Your objective: Restate all of the records below exactly. Do not carry over any image.

──────── Stored data ────────

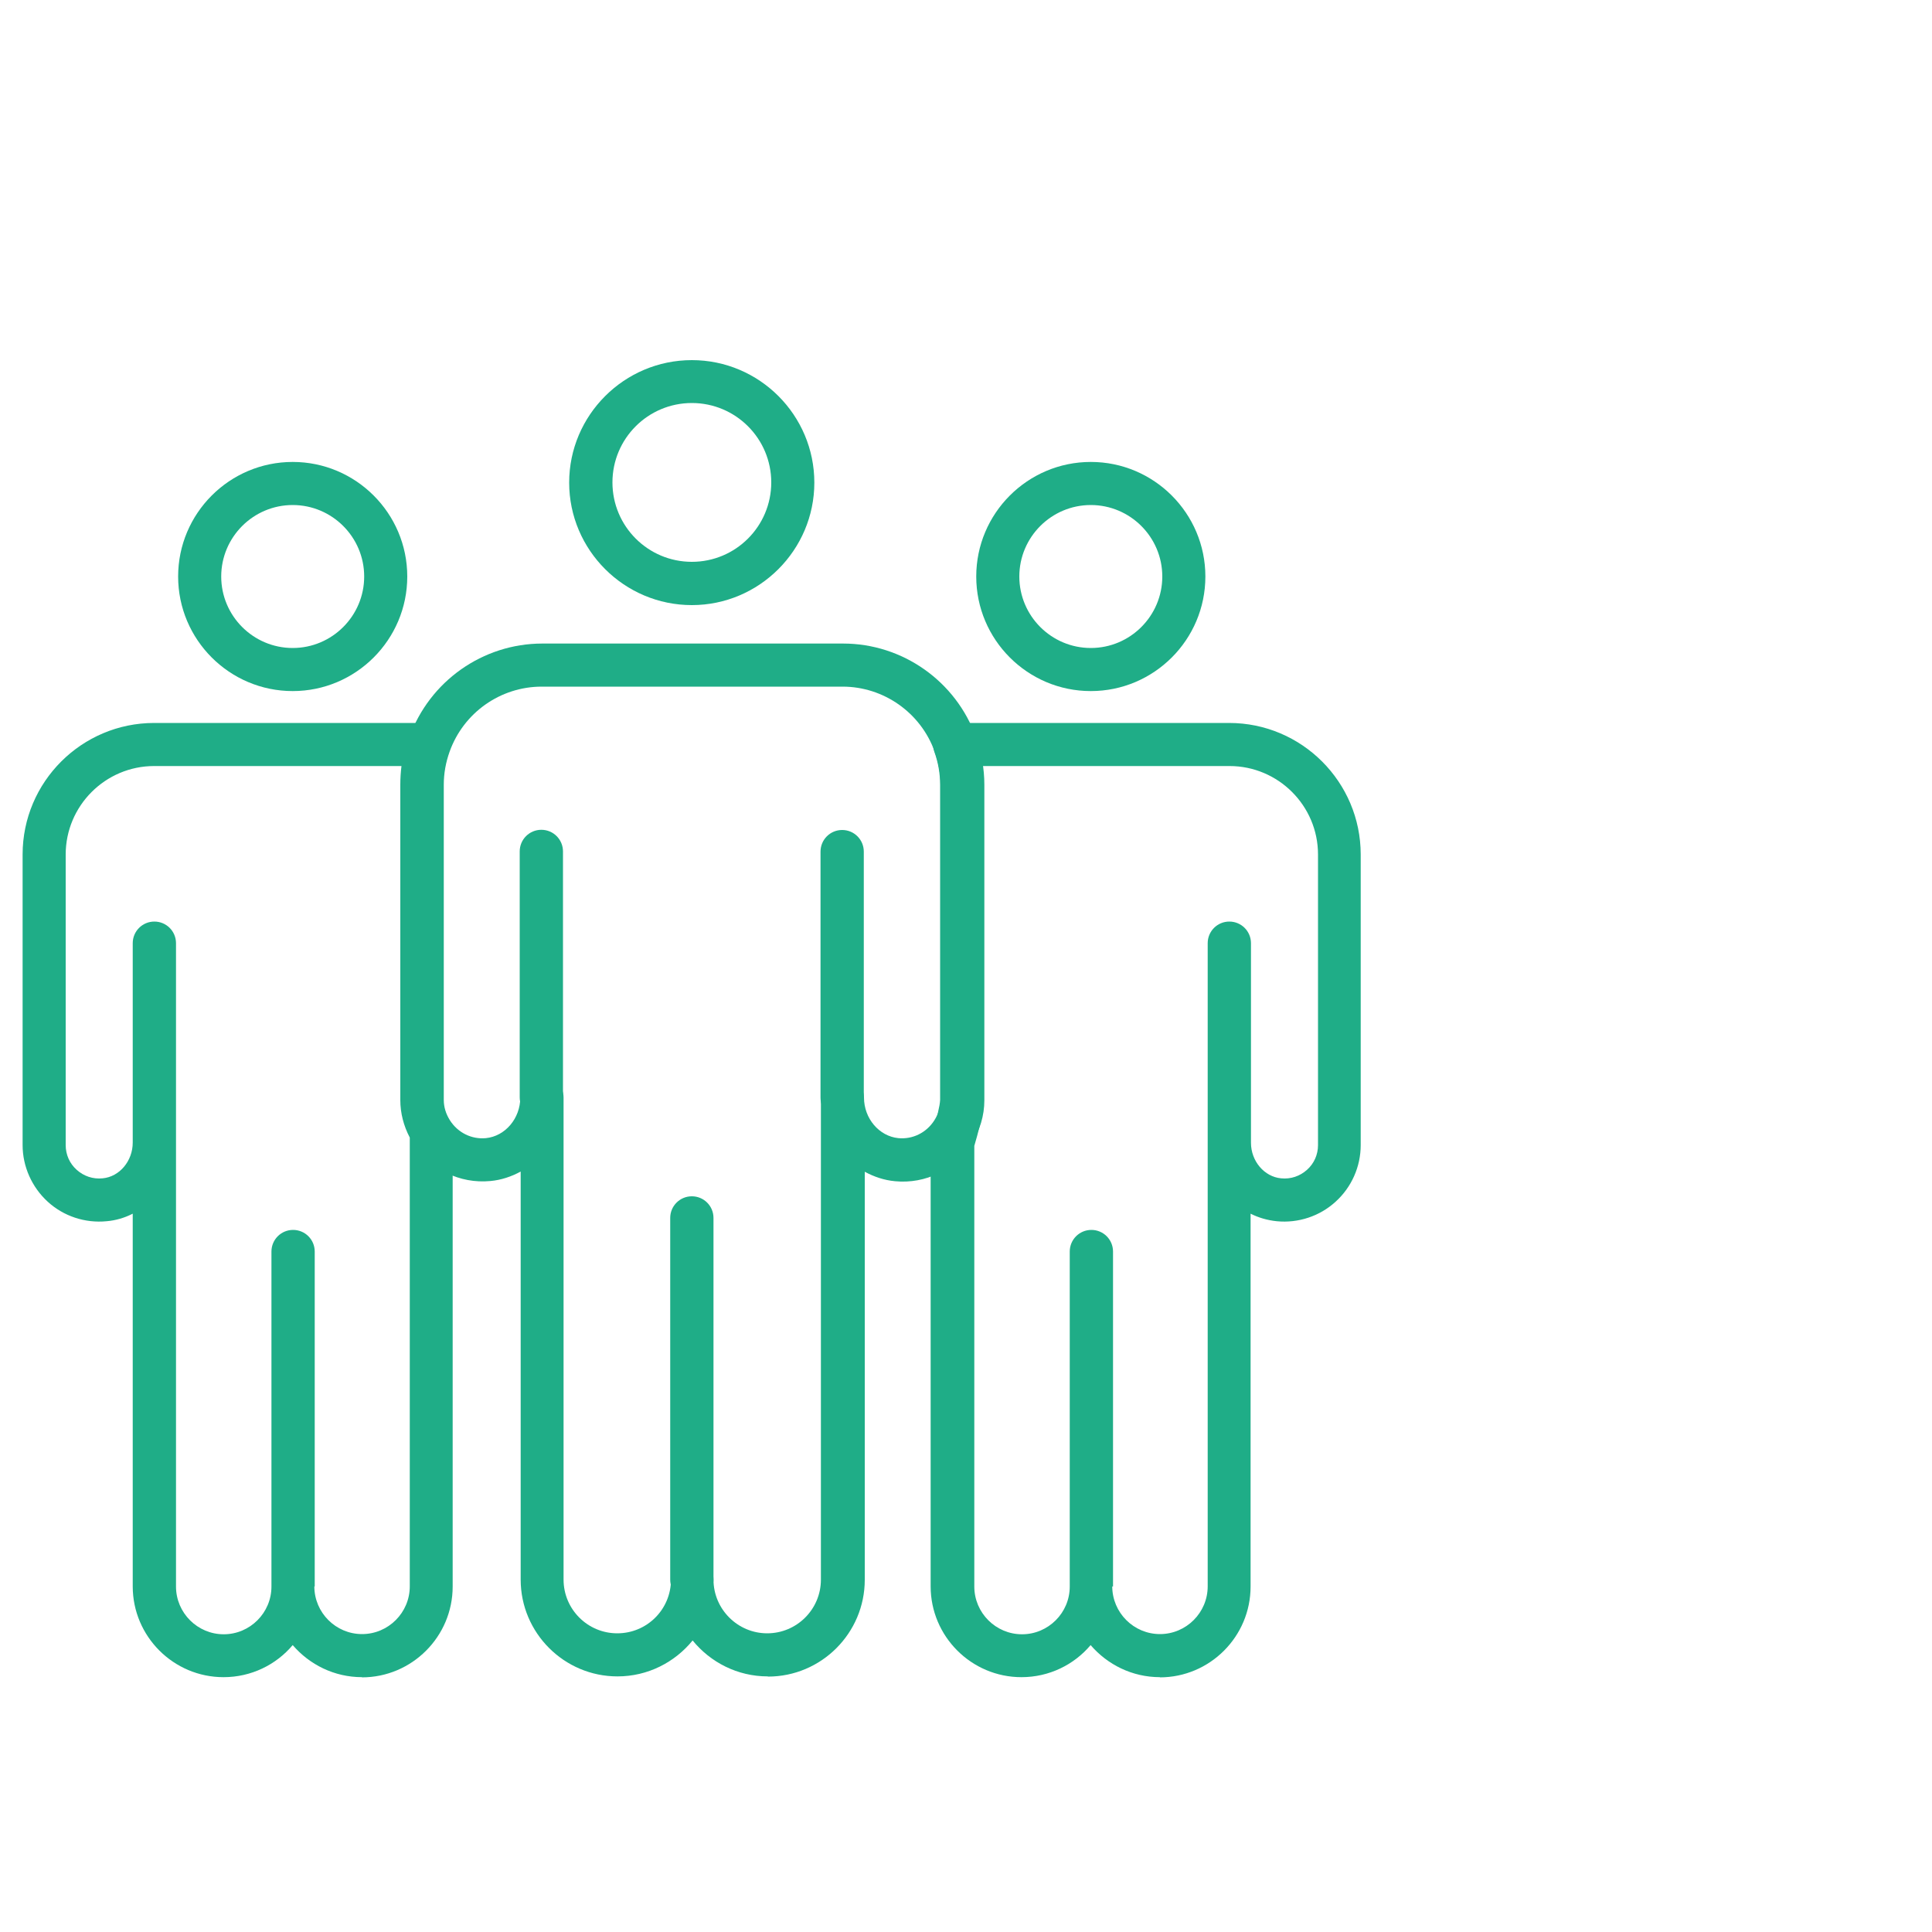 <?xml version="1.0" encoding="UTF-8"?>
<svg xmlns="http://www.w3.org/2000/svg" id="_ÎÓÈ_1" viewBox="0 0 100 100">
  <defs>
    <style>.cls-1{fill:#1fad87;}</style>
  </defs>
  <path class="cls-1" d="m35.81,20.86c-2.27,0-4.11,1.84-4.11,4.11s1.84,4.11,4.11,4.11,4.11-1.84,4.11-4.11-1.84-4.11-4.11-4.11m0,10.46c-3.5,0-6.35-2.85-6.35-6.34s2.85-6.34,6.35-6.34,6.34,2.85,6.34,6.34-2.85,6.34-6.34,6.34"></path>
  <path class="cls-1" d="m16.27,82.11c0,1.36,1.11,2.47,2.47,2.47s2.47-1.11,2.47-2.47v-22.96s0-.04,0-.06c0-.07,0-.14,0-.21-.32-.61-.49-1.27-.49-1.94v-16.33c0-.32.02-.64.06-.96H7.98c-2.53,0-4.58,2.06-4.58,4.58v15.04c0,.49.2.95.57,1.28.37.33.84.49,1.34.44.88-.08,1.56-.9,1.56-1.85v-10.32c0-.62.5-1.12,1.12-1.12s1.12.5,1.12,1.12v33.3c0,1.36,1.11,2.47,2.47,2.47s2.47-1.11,2.47-2.47v-17.34c0-.62.5-1.12,1.12-1.12s1.12.5,1.12,1.12v17.34Zm2.47,4.7c-1.44,0-2.72-.65-3.59-1.66-.86,1.02-2.15,1.66-3.58,1.66-2.59,0-4.7-2.11-4.7-4.7v-19.29c-.41.21-.87.35-1.35.39-1.12.11-2.23-.26-3.05-1.01-.82-.75-1.3-1.82-1.3-2.93v-15.04c0-3.76,3.06-6.81,6.81-6.81h14.21c.36,0,.7.18.91.47.21.3.26.68.14,1.02-.2.56-.3,1.13-.3,1.7v16.33c0,.36.11.71.32,1.05.11.18.17.38.17.59v.53s0,.02,0,.04v22.97c0,2.59-2.11,4.7-4.7,4.7"></path>
  <path class="cls-1" d="m15.15,26.14c-2.04,0-3.7,1.66-3.7,3.7s1.66,3.7,3.7,3.7,3.7-1.66,3.7-3.7-1.66-3.7-3.7-3.7m0,9.63c-3.27,0-5.93-2.66-5.93-5.93s2.66-5.93,5.93-5.93,5.93,2.66,5.93,5.93-2.66,5.93-5.93,5.93"></path>
  <path class="cls-1" d="m57.57,82.11c0,1.36,1.11,2.47,2.47,2.47s2.47-1.11,2.47-2.47v-22.89s0-.05,0-.08v-10.32c0-.62.5-1.12,1.12-1.12s1.12.5,1.12,1.12v10.25s0,.05,0,.08c0,.95.69,1.76,1.56,1.84.5.05.97-.11,1.34-.44.37-.33.57-.79.57-1.28v-15.04c0-2.53-2.06-4.58-4.58-4.58h-12.79c.04.32.07.64.07.96v16.33c0,.64-.33,1.83-.49,2.37v22.81c0,1.36,1.11,2.47,2.47,2.47s2.47-1.11,2.47-2.47v-17.34c0-.62.5-1.12,1.12-1.12s1.12.5,1.12,1.12v17.34Zm2.47,4.7c-1.44,0-2.72-.65-3.59-1.66-.86,1.02-2.15,1.66-3.58,1.66-2.59,0-4.7-2.11-4.7-4.7v-22.97c0-.11.02-.22.05-.33.24-.76.44-1.64.44-1.87v-16.33c0-.57-.1-1.15-.3-1.7-.12-.34-.07-.72.14-1.02.21-.3.55-.47.91-.47h14.21c3.76,0,6.81,3.06,6.81,6.81v15.04c0,1.11-.47,2.18-1.3,2.93-.82.75-1.93,1.12-3.05,1.01-.48-.05-.93-.18-1.35-.39v19.3c0,2.59-2.11,4.7-4.7,4.7"></path>
  <path class="cls-1" d="m35.81,80.64c.62,0,1.12.5,1.12,1.12,0,1.53,1.25,2.78,2.78,2.78s2.78-1.24,2.78-2.78v-24.94c0-.62.5-1.11,1.11-1.12h0c.62,0,1.11.5,1.12,1.11,0,1.08.78,2,1.78,2.1.74.07,1.45-.28,1.86-.92.21-.33.32-.69.32-1.05v-16.33c0-.57-.1-1.15-.3-1.7-.72-2.02-2.64-3.37-4.77-3.37h-15.57c-2.14,0-4.05,1.35-4.77,3.37-.2.56-.3,1.13-.3,1.7v16.33c0,.36.11.72.32,1.05.41.64,1.12.99,1.86.92,1-.1,1.78-1.02,1.78-2.1,0-.62.5-1.12,1.12-1.12s1.12.5,1.12,1.12v24.95c0,1.53,1.24,2.78,2.78,2.78s2.78-1.24,2.78-2.78c0-.62.5-1.12,1.12-1.12m3.89,6.13c-1.57,0-2.97-.73-3.89-1.86-.92,1.13-2.32,1.86-3.89,1.86-2.76,0-5.01-2.25-5.01-5.01v-21.12c-.48.26-1.01.44-1.57.49-1.59.15-3.1-.6-3.96-1.95-.43-.68-.66-1.46-.66-2.24v-16.33c0-.83.15-1.65.43-2.45,1.04-2.9,3.8-4.85,6.88-4.85h15.57c3.08,0,5.84,1.95,6.88,4.85.28.8.43,1.63.43,2.46v16.33c0,.79-.23,1.56-.67,2.25-.86,1.35-2.37,2.09-3.95,1.94-.56-.05-1.09-.23-1.57-.49v21.12c0,2.76-2.25,5.01-5.01,5.01"></path>
  <path class="cls-1" d="m56.46,26.14c-2.04,0-3.7,1.66-3.7,3.7s1.66,3.7,3.7,3.7,3.7-1.66,3.7-3.7-1.66-3.7-3.7-3.7m0,9.63c-3.27,0-5.93-2.66-5.93-5.93s2.66-5.93,5.93-5.93,5.93,2.66,5.93,5.93-2.66,5.93-5.93,5.93"></path>
  <path class="cls-1" d="m35.81,82.88c-.62,0-1.12-.5-1.12-1.12v-18.72c0-.62.5-1.12,1.12-1.12s1.12.5,1.12,1.12v18.72c0,.62-.5,1.12-1.12,1.12"></path>
  <path class="cls-1" d="m28.02,57.92c-.62,0-1.12-.5-1.12-1.12v-12.73c0-.62.5-1.12,1.12-1.12s1.12.5,1.12,1.12v12.73c0,.62-.5,1.12-1.12,1.12"></path>
  <path class="cls-1" d="m43.59,57.94c-.62,0-1.12-.5-1.12-1.12v-12.74c0-.62.5-1.12,1.12-1.12s1.12.5,1.12,1.12v12.74c0,.62-.5,1.12-1.12,1.12"></path>
</svg>

────────

Final answer:
 <?xml version="1.0" encoding="UTF-8"?>
<svg xmlns="http://www.w3.org/2000/svg" id="_ÎÓÈ_1" viewBox="0 0 100 100">
  <defs>
    <style>.cls-1{fill:#1fad87;}</style>
  </defs>
  <path class="cls-1" d="m35.81,20.86c-2.27,0-4.11,1.84-4.11,4.11s1.84,4.11,4.11,4.11,4.11-1.84,4.11-4.11-1.84-4.11-4.11-4.11m0,10.46c-3.5,0-6.35-2.85-6.35-6.34s2.85-6.34,6.35-6.34,6.34,2.85,6.34,6.34-2.85,6.34-6.34,6.34"></path>
  <path class="cls-1" d="m16.27,82.11c0,1.36,1.11,2.47,2.47,2.47s2.47-1.11,2.47-2.47v-22.96s0-.04,0-.06c0-.07,0-.14,0-.21-.32-.61-.49-1.27-.49-1.94v-16.33c0-.32.02-.64.06-.96H7.98c-2.53,0-4.58,2.06-4.58,4.58v15.04c0,.49.2.95.57,1.28.37.33.84.49,1.34.44.88-.08,1.56-.9,1.56-1.85v-10.32c0-.62.5-1.12,1.12-1.12s1.12.5,1.12,1.12v33.3c0,1.36,1.11,2.47,2.47,2.47s2.47-1.11,2.47-2.47v-17.34c0-.62.5-1.12,1.12-1.12s1.12.5,1.12,1.12v17.34Zm2.47,4.7c-1.44,0-2.72-.65-3.59-1.66-.86,1.02-2.15,1.66-3.58,1.66-2.59,0-4.7-2.11-4.7-4.7v-19.29c-.41.21-.87.35-1.35.39-1.12.11-2.23-.26-3.05-1.01-.82-.75-1.3-1.82-1.3-2.93v-15.04c0-3.76,3.06-6.81,6.81-6.81h14.21c.36,0,.7.18.91.47.21.3.26.68.14,1.02-.2.56-.3,1.13-.3,1.7v16.33c0,.36.11.71.32,1.05.11.18.17.38.17.59v.53s0,.02,0,.04v22.97c0,2.59-2.11,4.7-4.7,4.7"></path>
  <path class="cls-1" d="m15.15,26.14c-2.04,0-3.7,1.66-3.7,3.7s1.66,3.7,3.7,3.7,3.7-1.66,3.7-3.7-1.66-3.7-3.7-3.7m0,9.63c-3.27,0-5.93-2.66-5.93-5.93s2.66-5.93,5.93-5.93,5.93,2.66,5.93,5.93-2.66,5.93-5.93,5.93"></path>
  <path class="cls-1" d="m57.57,82.11c0,1.36,1.11,2.47,2.47,2.47s2.47-1.11,2.47-2.47v-22.89s0-.05,0-.08v-10.32c0-.62.5-1.12,1.12-1.12s1.12.5,1.12,1.12v10.25s0,.05,0,.08c0,.95.69,1.76,1.56,1.84.5.05.97-.11,1.34-.44.37-.33.57-.79.57-1.28v-15.04c0-2.53-2.06-4.58-4.58-4.58h-12.79c.04.32.07.64.07.96v16.33c0,.64-.33,1.83-.49,2.37v22.81c0,1.36,1.11,2.47,2.47,2.47s2.47-1.11,2.47-2.47v-17.34c0-.62.5-1.12,1.12-1.12s1.12.5,1.12,1.12v17.34Zm2.47,4.7c-1.44,0-2.72-.65-3.59-1.66-.86,1.02-2.15,1.66-3.58,1.66-2.59,0-4.7-2.11-4.7-4.7v-22.97c0-.11.02-.22.05-.33.24-.76.44-1.64.44-1.87v-16.33c0-.57-.1-1.15-.3-1.7-.12-.34-.07-.72.14-1.02.21-.3.55-.47.91-.47h14.21c3.76,0,6.81,3.06,6.81,6.81v15.04c0,1.11-.47,2.18-1.3,2.93-.82.75-1.93,1.12-3.05,1.01-.48-.05-.93-.18-1.35-.39v19.3c0,2.59-2.11,4.7-4.7,4.7"></path>
  <path class="cls-1" d="m35.81,80.64c.62,0,1.12.5,1.12,1.12,0,1.53,1.25,2.78,2.78,2.78s2.78-1.24,2.78-2.78v-24.94c0-.62.5-1.11,1.11-1.12h0c.62,0,1.11.5,1.12,1.11,0,1.08.78,2,1.78,2.1.74.07,1.45-.28,1.86-.92.21-.33.32-.69.32-1.05v-16.33c0-.57-.1-1.15-.3-1.7-.72-2.02-2.64-3.37-4.77-3.37h-15.57c-2.14,0-4.05,1.35-4.77,3.37-.2.56-.3,1.13-.3,1.7v16.33c0,.36.11.72.32,1.05.41.64,1.12.99,1.86.92,1-.1,1.78-1.02,1.78-2.1,0-.62.5-1.12,1.12-1.12s1.12.5,1.12,1.12v24.95c0,1.53,1.24,2.78,2.78,2.78s2.78-1.24,2.78-2.78c0-.62.5-1.12,1.12-1.12m3.89,6.13c-1.57,0-2.97-.73-3.89-1.86-.92,1.13-2.32,1.86-3.89,1.86-2.76,0-5.01-2.25-5.01-5.01v-21.12c-.48.26-1.01.44-1.57.49-1.59.15-3.1-.6-3.96-1.95-.43-.68-.66-1.46-.66-2.24v-16.33c0-.83.15-1.65.43-2.45,1.04-2.9,3.8-4.85,6.88-4.85h15.57c3.08,0,5.84,1.95,6.88,4.85.28.8.43,1.63.43,2.46v16.33c0,.79-.23,1.56-.67,2.25-.86,1.35-2.37,2.09-3.95,1.94-.56-.05-1.09-.23-1.57-.49v21.12c0,2.76-2.25,5.01-5.01,5.01"></path>
  <path class="cls-1" d="m56.46,26.14c-2.04,0-3.7,1.66-3.7,3.7s1.66,3.7,3.7,3.7,3.7-1.66,3.7-3.7-1.66-3.7-3.7-3.7m0,9.63c-3.27,0-5.93-2.66-5.93-5.93s2.66-5.93,5.93-5.93,5.93,2.66,5.93,5.93-2.66,5.93-5.93,5.93"></path>
  <path class="cls-1" d="m35.81,82.88c-.62,0-1.12-.5-1.12-1.12v-18.72c0-.62.5-1.12,1.12-1.12s1.12.5,1.12,1.12v18.72c0,.62-.5,1.12-1.12,1.12"></path>
  <path class="cls-1" d="m28.02,57.92c-.62,0-1.12-.5-1.12-1.12v-12.73c0-.62.5-1.12,1.12-1.12s1.12.5,1.12,1.12v12.73c0,.62-.5,1.12-1.12,1.12"></path>
  <path class="cls-1" d="m43.59,57.94c-.62,0-1.12-.5-1.12-1.12v-12.74c0-.62.5-1.12,1.12-1.12s1.12.5,1.12,1.12v12.74c0,.62-.5,1.12-1.12,1.12"></path>
</svg>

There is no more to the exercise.